The Israelis, Dayan said, threw themselves into their hard tasks with “something that is a combination of love, belief and country.”
After using almost reverent tones to describe the Israelis’ offensive strike against the Arab air-forces, which gave Israel the decisive advantage in the War, Life addresses Israel’s first incursion into Gaza. I’m sure you’ll appreciate how the Gaza area is depicted:
Minutes after the first air strike, a full division of Israeli armor and mechanized infantry . . . was slashing into the Egyptian-held Gaza Strip. A tiny wasteland, the strip had been given up by Israel in the 1956 settlement and was now a festering splinter — the barren harbor for 315,000 refugees bent on returning to their Palestinian homes and the base for Arab saboteurs.

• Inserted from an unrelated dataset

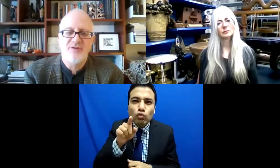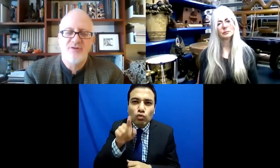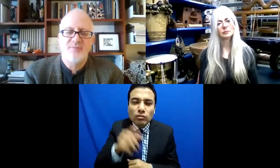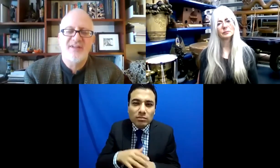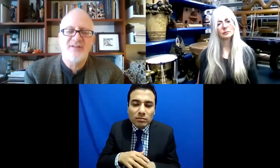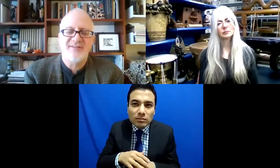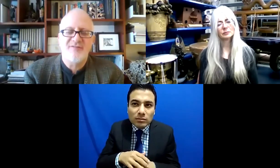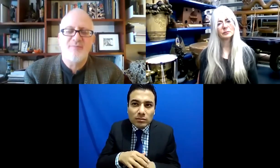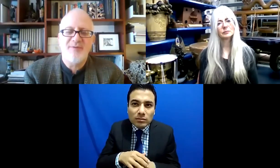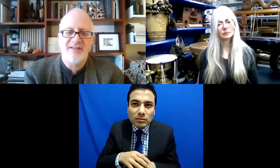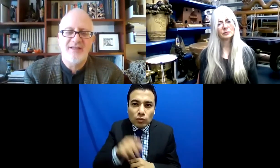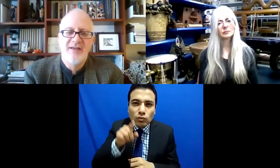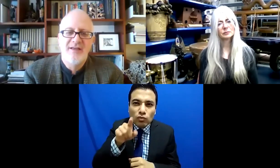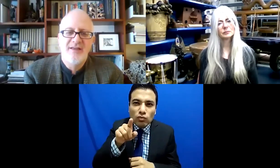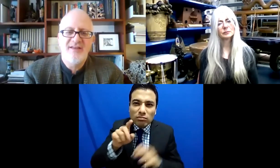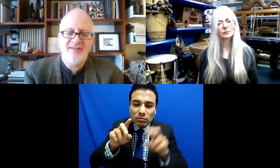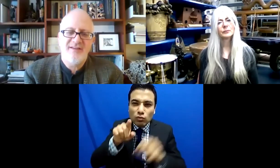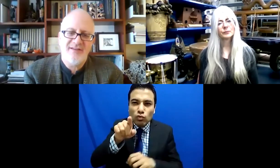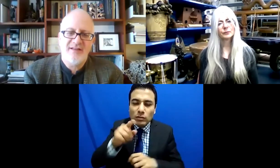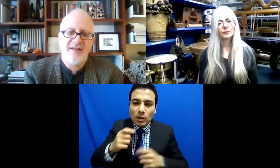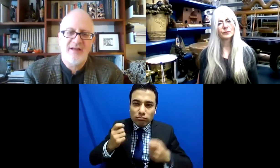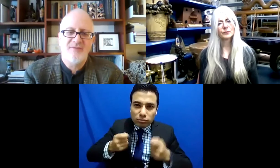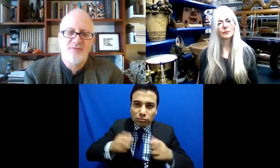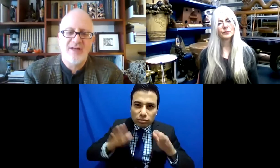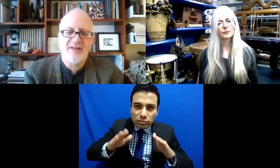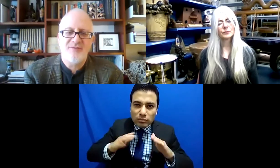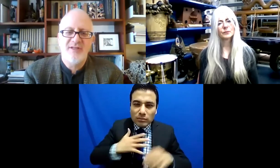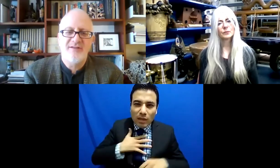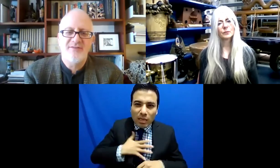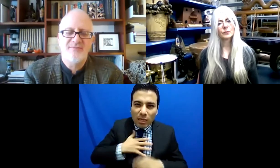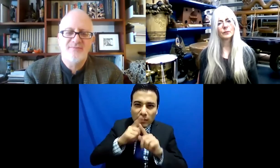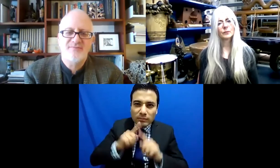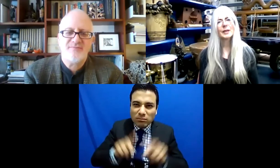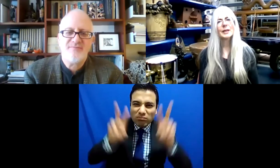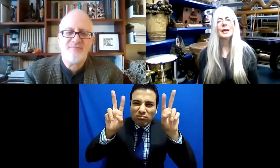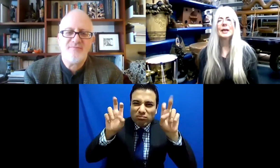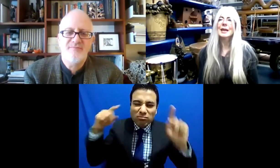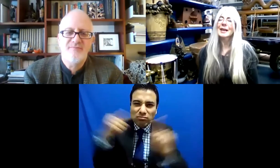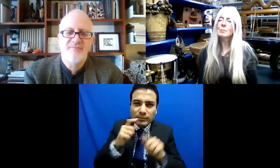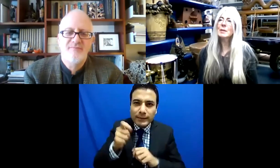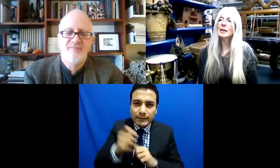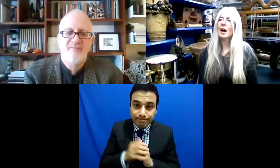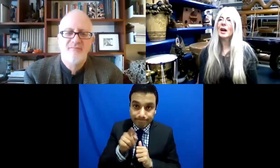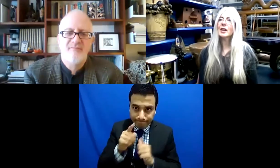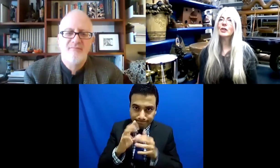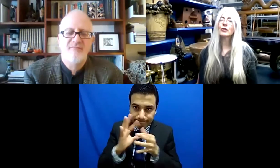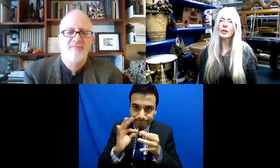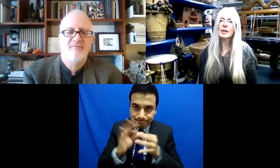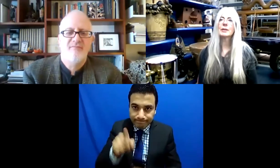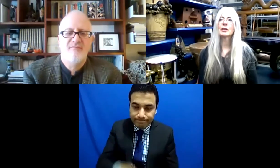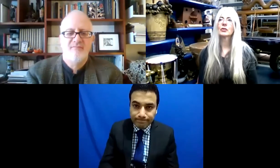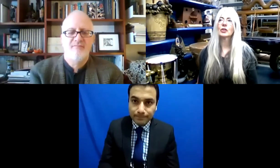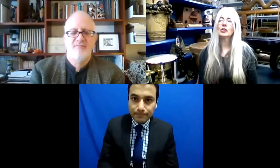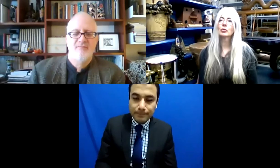temática central de tu exploración y de los últimos años al menos?

Wow! Those clueless (by today’s standards) Life writers actually seem to imply that Egypt, which controlled Gaza for eleven years, had some responsibility for this “festering,” dangerous area.
The Life editors are agog about Israeli military tactics:
The Israeli plan was so flexible that its architects at the last minute switched strategy to avoid a new deployment of enemy forces in southern Sinai. After the air strikes that wiped out the Arab air forces, Israeli armor and infantry swept westward across the waist of Sinai, parallel to the path of the Gaza breakthrough. A smaller column cut south from El Kuntilla, then raced toward Suez. Patrol boats and paratroops were sent to Sharm el Sheikh to break the blockade of the Gulf of Aqaba, but the airborne troops were able to land at the abandoned airfield because the Egyptians had fled. Meanwhile, fighting erupted on another front — the divided city of Jerusalem, where an Israeli pincer column encircled the old, Jordanian section. Yet another Israeli force moved against Jenin, north of Jerusalem. The final Israeli attacked, at the end of the week, was mounted against Syria, which had been shelling border settlements.

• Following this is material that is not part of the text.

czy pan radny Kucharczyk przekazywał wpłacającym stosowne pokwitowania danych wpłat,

The Life editor’s tactical admiration emerges again when speaking about Israel’s successful taking of the Sinai Peninsula:
Stabbing into the Sinai desert, the Israelis stuck to the same strategy that in 1956 had carried them to the Suez Canal in 100 hours: never stop. Although outnumbered more than two to one — by an Egyptian force of almost 100,000 men grouped in seven divisions and supported by 900 tanks — they smashed ahead day and night, outracing the foe, encircling him time and again and trapping thousands of prisoners as Egyptian discipline collapsed. *** The battle — one of the epic armored engagements in history — lasted 24 hours and involved some 1,000 tanks.
Two things occur to me as I read the above descriptions of Israeli strategy in 1967: First, during the 2006 Israeli/Hezbollah war, if press reports are to be believed (and that’s always a leap of faith) Israel did not demonstrate either flexibility or speed. She remained rigidly fixated on using air power, despite the fact that (a) this hadn’t served the Americans that well in Iraq and (b) it didn’t appear to be achieving her objectives.
Indeed, it’s gotten to the point where it’s difficult to imagine the modern Israeli military ever acting with the type of decisiveness and flexibility it showed during the 1967 War. In the 40+ years since the Six Day War, Israel’s military, like an old man, has become calcified and risk-averse.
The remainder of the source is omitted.